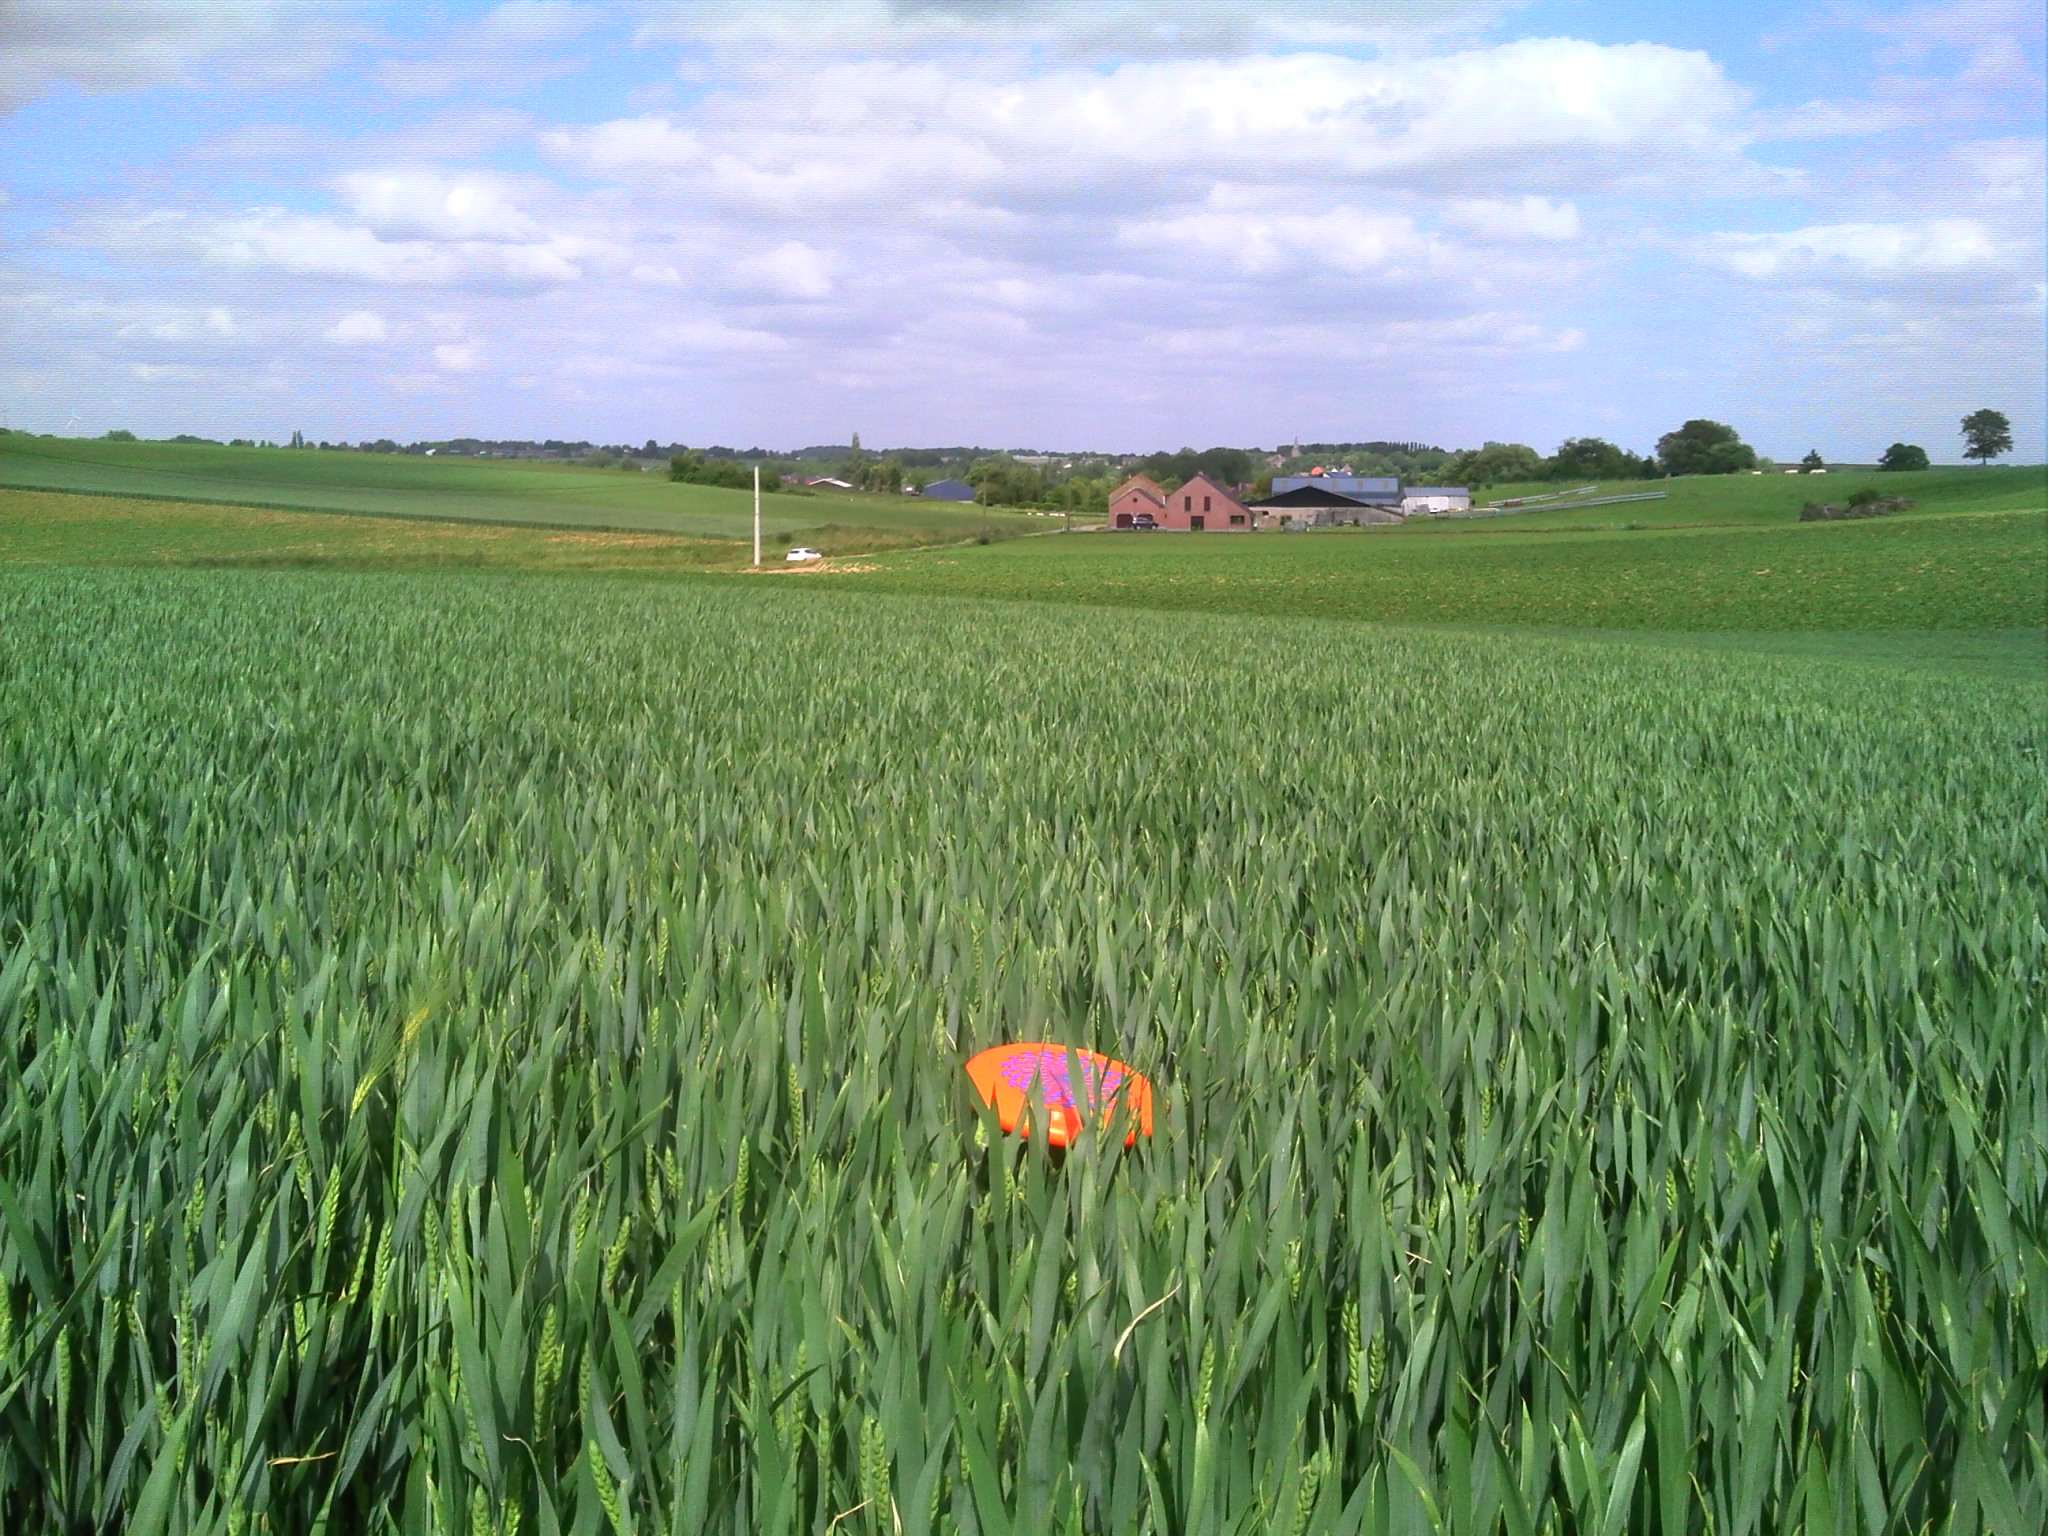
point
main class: Cropland
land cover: Common wheat
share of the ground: > 75 %
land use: Agriculture (excluding fallow land and kitchen gardens)
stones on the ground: < 10 %
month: June
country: BE
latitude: 50.5067
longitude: 4.5957

#### [REQUIREMENT]
There is a line above that contains "stones on the ground: < 10 %". Copy it and all later lines through the last, exactly, and leave out the rest.

#### [TASK ANSWER]
stones on the ground: < 10 %
month: June
country: BE
latitude: 50.5067
longitude: 4.5957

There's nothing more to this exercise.